Carson D D, DeSouza M M, Regisford E G
Department of Biochemistry and Molecular Biology, University of Texas M.D. Anderson Cancer Center, Houston 77030, USA.
Bioessays. 1998 Jul;20(7):577-83. doi: 10.1002/(SICI)1521-1878(199807)20:7<577::AID-BIES9>3.0.CO;2-H.
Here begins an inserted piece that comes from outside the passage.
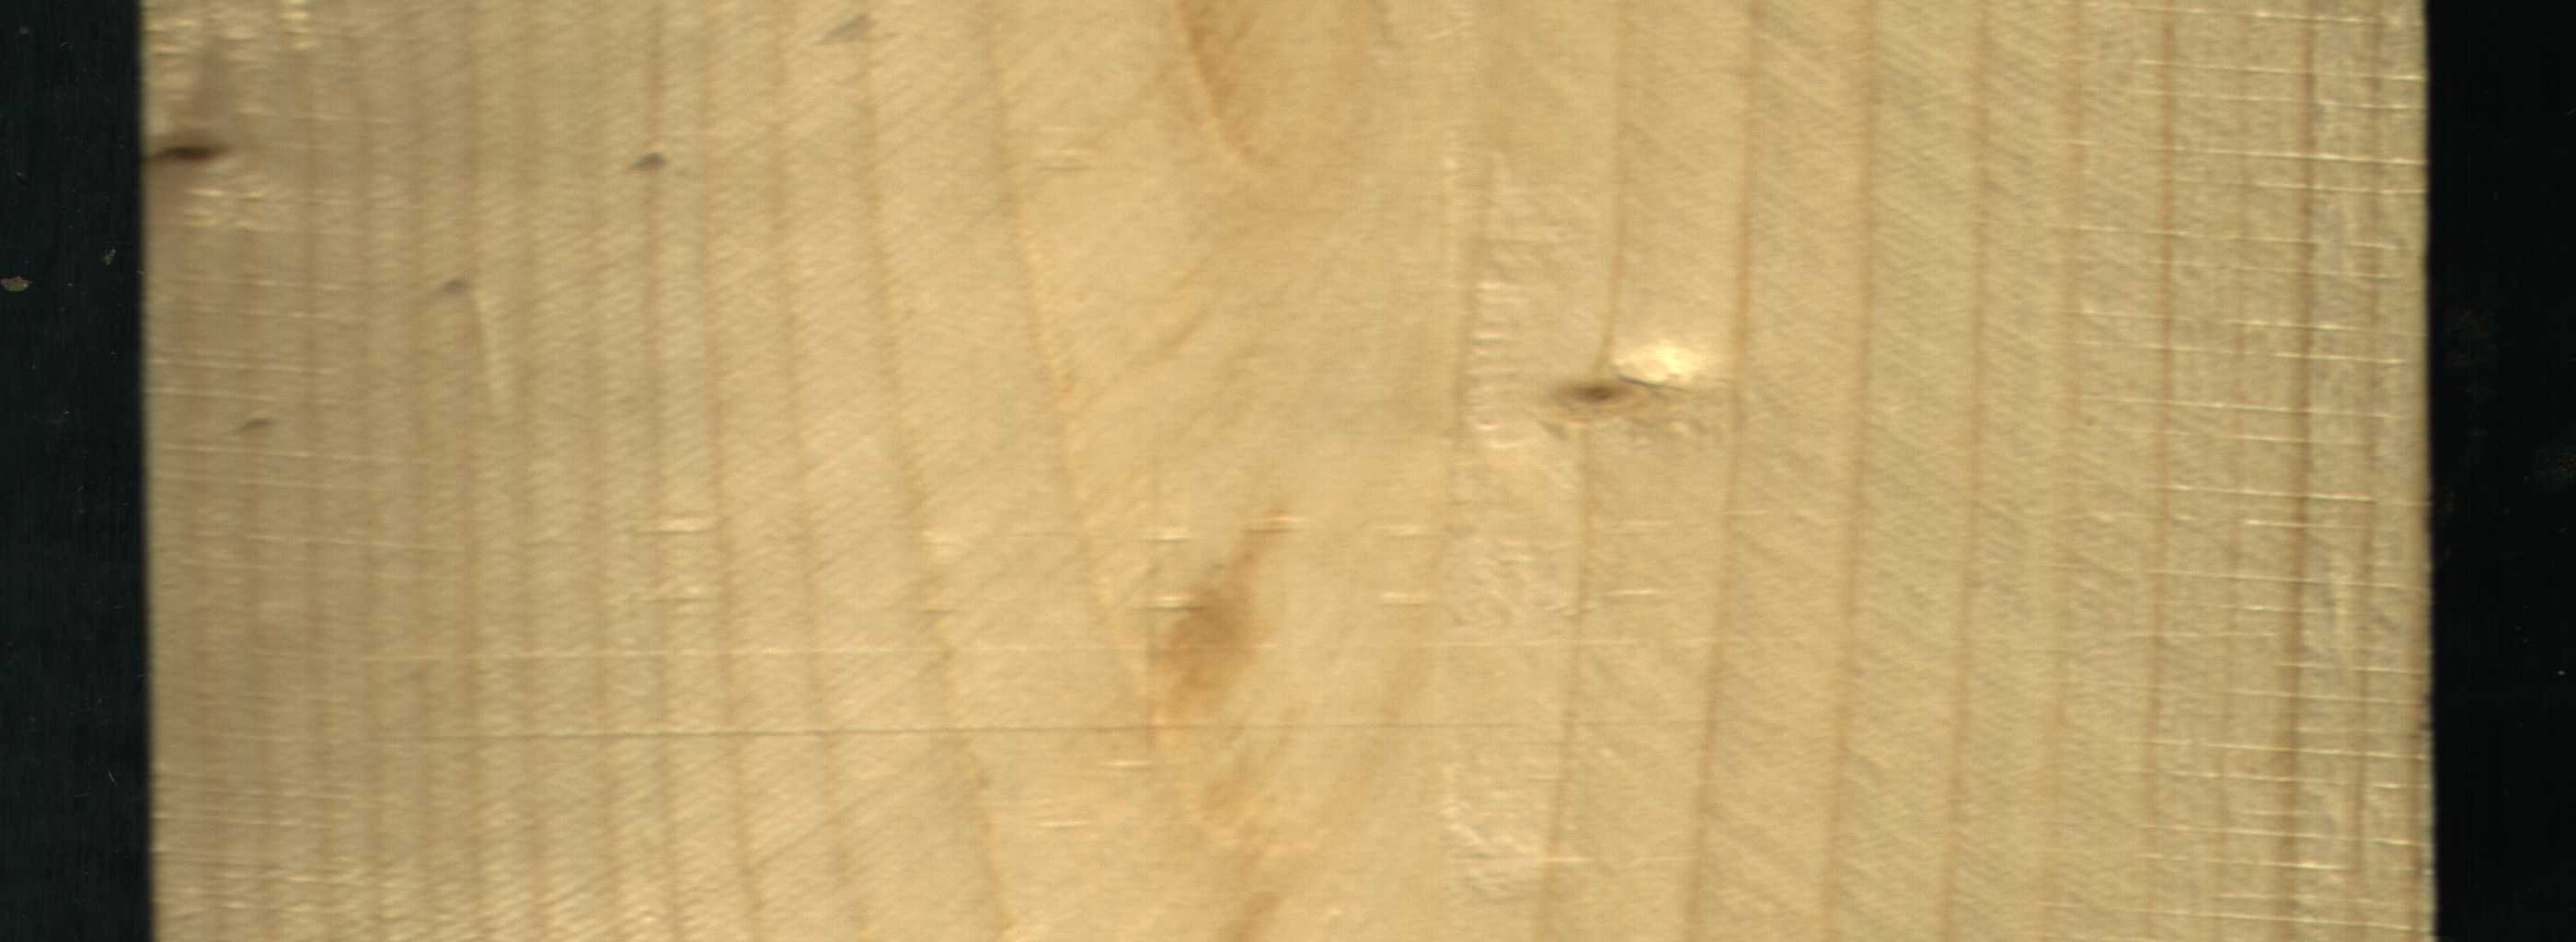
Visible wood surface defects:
Live_Knot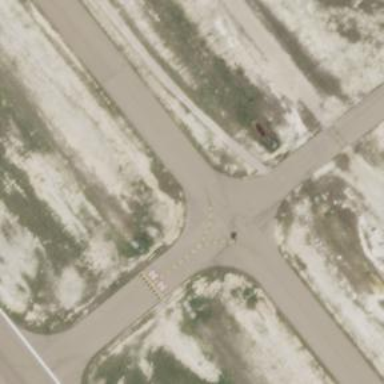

Embryo implantation is a complex series of events that involves changes in pattern of expression of embryonic as well as uterine cell surface components. In the case of the embryo, these changes are driven by the developmental program. In the case of the uterus, these changes are triggered by both maternal hormonal influences as well as embryo-derived factors. Aspects of the implantation process vary among species; however, interaction between the external surface of the embryonic trophectoderm and the apical surface of the lumenal uterine epithelium is a common event. Progress is being made in defining the molecular players in these cell surface interactions. Large-molecular-weight mucin glycoproteins such as MUC1 are present at the apical surface of the uterine epithelium under most conditions. Under most circumstances, these mucins appear to protect the mucosal surface from infection and the action of degradative enzymes. These mucins are antiadhesive and also appear to represent a barrier to embryo attachment. Consistent with this model, reduction of mucin expression is observed in uterine lumenal epithelia in many species. Nonetheless, mucin expression persists in the human uterus during the proposed receptive phase. It is possible that mucin loss is localized to implantation sites in humans. Alternatively, mucins may function differently within the context of human implantation than in other species. Studies primarily performed in mice indicate that heparan sulfate proteoglycans, in particular, perlecan, appears on the exterior trophectodermal surface coincident with the acquisition of attachment competence. Various in vitro studies indicate that heparan sulfate proteoglycans support embryo attachment activity that may represent an early event in embryo-uterine interaction. Uterine epithelia cells express several complementary heparan sulfate-binding proteins that may participate in these attachment processes. Use of molecular genetic approaches in mouse models, as well as careful studies of the expression and function of these molecules in the context of implantation in various species are beginning to shed light on the key molecular events of implantation.
胚胎着床是一系列复杂的事件,涉及胚胎以及子宫细胞表面成分表达模式的变化。就胚胎而言,这些变化由发育程序驱动。就子宫而言,这些变化是由母体激素影响以及胚胎衍生因子共同触发的。着床过程的各个方面在不同物种间存在差异;然而,胚胎滋养外胚层的外表面与子宫腔上皮的顶端表面之间的相互作用是一个常见现象。在确定这些细胞表面相互作用中的分子参与者方面正在取得进展。在大多数情况下,诸如MUC1等大分子粘蛋白糖蛋白存在于子宫上皮的顶端表面。在大多数情况下,这些粘蛋白似乎可保护粘膜表面免受感染和降解酶的作用。这些粘蛋白具有抗粘附性,似乎也构成了胚胎附着的障碍。与该模型一致,在许多物种的子宫腔上皮中观察到粘蛋白表达减少。尽管如此,在人类子宫中,在所提出的着床期粘蛋白表达仍然持续。有可能在人类中粘蛋白的缺失局限于着床部位。或者,粘蛋白在人类着床过程中的功能可能与在其他物种中的不同。主要在小鼠中进行的研究表明,硫酸乙酰肝素蛋白聚糖,特别是基底膜聚糖,在获得附着能力的同时出现在滋养外胚层的外表面。各种体外研究表明,硫酸乙酰肝素蛋白聚糖支持胚胎附着活性,这可能是胚胎与子宫相互作用中的早期事件。子宫上皮细胞表达几种互补的硫酸乙酰肝素结合蛋白,它们可能参与这些附着过程。在小鼠模型中使用分子遗传学方法,以及在各种物种的着床背景下对这些分子的表达和功能进行仔细研究,开始揭示着床的关键分子事件。